EXHIBIT 5

  [LETTERHEAD OF CHRISTENSEN, WHITE, MILLER, FINK, JACOBS, GLASER & SHAPIRO]

                                January 9, 1996

MGM Grand, Inc.
3799 Las Vegas Boulevard South
Las Vegas, Nevada 89109

                    RE: REGISTRATION STATEMENT ON FORM S-8
                        ----------------------------------

Gentlemen:

     You have requested our opinion, as counsel for MGM Grand, Inc., a Delaware 
corporation (the "Company"), in connection with the registration under the 
Securities Act of 1933, as amended, of 2,500,000 shares (the "Shares") of the 
Company's common stock, $.01 par value per share ("Common Stock"), issuable 
pursuant to the Company's Nonqualified Stock Option Plan and the Company's 
Incentive Stock Option Plan (collectively, the "Option Plans"). The Shares are 
the subject of the Company's Registration Statement on Form S-8 to be filed with
the Securities and Exchange Commission on or about January 12, 1996 (the 
"Registration Statement").

      In rendering our opinion herein, we have assumed the satisfaction of the 
following conditions:  the issuance of the Shares to be issued under the Option 
Plans and all stock option agreements entered into in connection therewith in 
accordance with the terms thereof; the issuance by any applicable regulatory 
agencies of all appropriate permits, consents, approvals, authorizations and 
orders relating to the issuance and sale of the Shares in their respective 
jurisdictions; the Registration Statement becoming effective; the offering and 
sale of the Shares in the manner set forth in the Option Plans and pursuant to 
said permits, consents, approvals, authorizations and orders; the reservation by
the Company of a sufficient number of shares of Common Stock for issuance upon 
exercise of outstanding options under the Option Plans; and the receipt by the 
Company of full consideration for the Common Stock issued under the Option Plans
in accordance with the respective terms of the Option Plans and all stock option
agreements entered into in connection therewith.
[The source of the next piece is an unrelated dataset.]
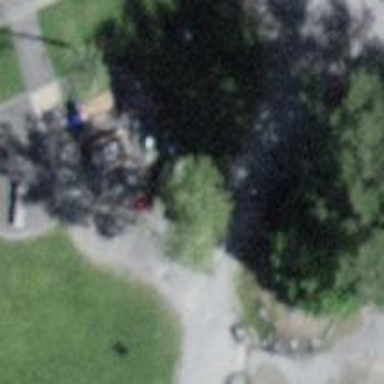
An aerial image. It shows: BBQ amenity.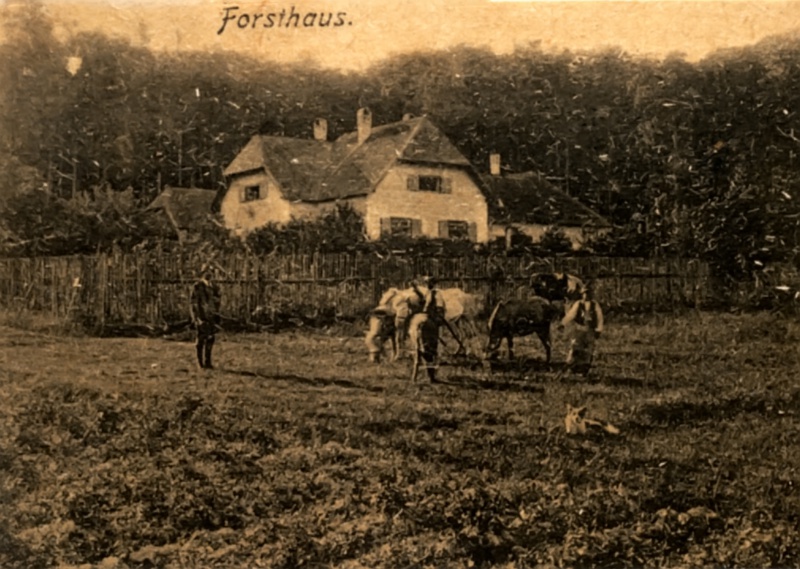
Institution: Gemeindearchiv Rastenfeld
Schlagwörter: dunkel, himmel, mann, bäume, landschaft, menschen, blumen, braun, fenster, hut, licht, männer, schwarz, weiss, dach, gebäude, gras, haus, hund, schnee, tier, tiere, wiese, zaun, alt, bart, mensch, feld, kühe, vieh, hütte, land, traurig, wald, arbeit, bauern, esel, fensterläden, kamin, landleben, pferd, pferde, schornstein, garten, sommer, acker, bäuerin, feldarbeit, heu, dorf, dächer, giebel, schornsteine, grasen, rind, bauernhof, hof, sepia, weste, frühling, bauer, anbau, waldrand, foto, fotografie, regen, scheune, lichtung, schwarz weiss, trüb, photo, schweigen, gewehr, fressen, bauernhaus, landwirtschaft, postkarte, gespann, ochsen, pflug, pflügen, hirten, hüten, stecken, horse, forst, früher, trist, reet, cowboy, pderde, farm, körnig, beschäftigung, härte, rass, forsthaus, bewirtschaftung, strenge haltung, traditionelle landwirtschaft, kühe hüten, schmutz, baunern, schwere arebeit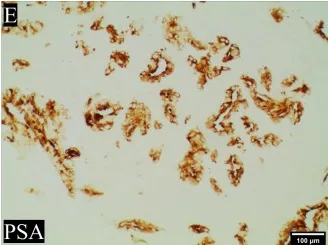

In addition, our opinion herein
is subject to applicable

 
MGM Grand, Inc.
January 9, 1996
Page 2



bankruptcy, reorganization, insolvency, fraudulent, conveyance, moratorium or 
other laws affecting creditors' rights generally from time to time in effect, 
and Delaware law and regulations, and no opinion is being rendered as to the 
availability of specific performance, injunctive remedies or other forms of 
equitable relief.

      Based upon the foregoing, it is our opinion that the Shares, when issued, 
will be legally issued, fully paid and nonassessable.

      This opinion is addressed solely to the Company and no one else has the 
right to rely upon it, nor may anyone release it, quote from it or employ it in 
any transaction other than the Registration Statement without our prior written 
consent.

      We hereby consent to the filing of this opinion as an exhibit to the 
Registration Statement and to the references to our firm contained therein.